Source : Info-palestine

A l’intérieur d’une enceinte encore fortifiée, dans un immeuble spacieux de l’ONU, à Rome, les membres du Comité de la Palestine à l’Assemblée générale répètent de vieilles incantations, jurent de soutenir les Palestiniens, publient des communiqués de presse et s’en vont déjeuner ensuite.

Le Comité est composé de plusieurs ambassadeurs à l’ONU, volontaires, sympathiques et intéressés ; ils savent également que leurs efforts sont plus ou moins futiles. Un des ambassadeurs d’un pays qui n’est pas vu comme amical par les standards américains, s’est exclamé : « Quoi que nous essayons de faire, l’Amérique bloque nos efforts. »

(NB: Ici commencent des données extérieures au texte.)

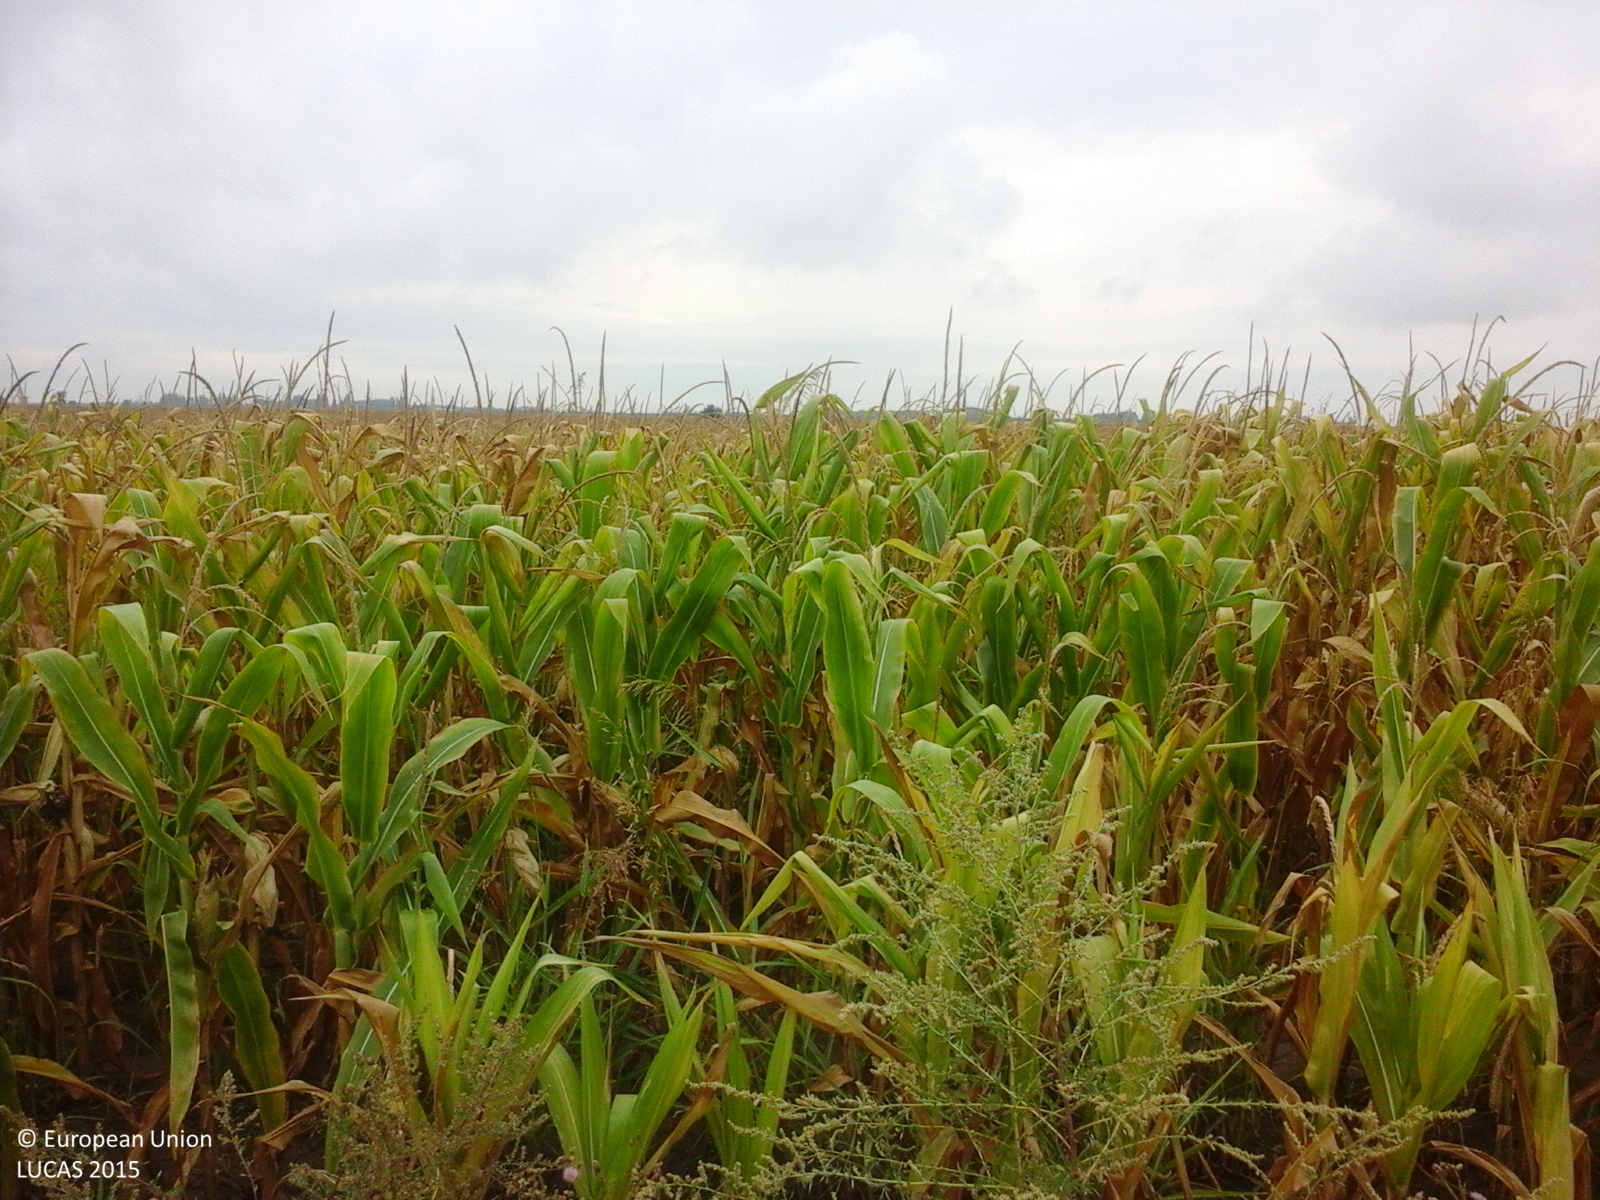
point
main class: Cropland
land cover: Maize
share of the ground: > 75 %
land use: Agriculture (excluding fallow land and kitchen gardens)
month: August
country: RO
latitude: 45.8288
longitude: 20.7228

La discussion a continué ainsi plus ou moins jusqu’à ce qu’un activiste israélien, avec une barbe et des pensées en désordre, ait partagé certaines de ses observations : il rêve d’un Moyen-Orient où s’intègreront les Arabes et les Israéliens pour vivre dans une harmonie parfaite partageant et tirant bénéfice de leurs forces économiques réciproques ; il rêve d’un jour où Israel sera accepté en tant que partie prenante de toute la région. Pendant qu’il haletait à cause d’une mauvaise respiration, une autre personne d’une O.N.G. choisit d’apporter à une telle imagination, un point d’ancrage dans la réalité en suggérant le dialogue entre parlementaires israéliens et palestiniens. Je fumais de rage.

Il est de plus en plus évident que l’intérêt pour la crise palestinienne baisse au niveau international : cet intérêt n’est plus urgent ni même défini selon des paramètres qui lui soient appropriés à savoir la situation où un colonisateur qui n’hésite pas à commettre les crimes les plus atroces pour réaliser son projet colonial et une nation opprimée et nationalement désintégrée qui combat dans la solitude en utilisant tous les moyens pour réaliser sa libération.

« Moi aussi, je souhaite que le Moyen-Orient devienne une oasis d’harmonie économique et d’intégration politique » ai-je dit aux ambassadeurs. « En fait, je souhaite que tous les conflits puissent s’éteindre pour faire place à un monde gouverné selon les principes de l’égalité et de la justice. Mais en attendant que cela se produise, nous devons continuer à combattre partout l’injustice avec tous les moyens dont nous disposons. »

Avant de transformer la souffrance des Palestiniens en quelque chose de bénin qui peut être facilement résolu par le dialogue (comme si 60 ans de massacres, de colonisation, de nettoyage ethnique étaient un simple malentendu), rappelons les faits, qui sont durs et têtus : une nation emprisonnée et persécutée dans des territoires occupés par Israël, dont une partie à l’intérieur d’Israël traitée comme des citoyens de seconde sinon de troisième zone et des millions d’enfants de cette même nation vivant dans des camps de réfugiés à travers le Moyen-Orient.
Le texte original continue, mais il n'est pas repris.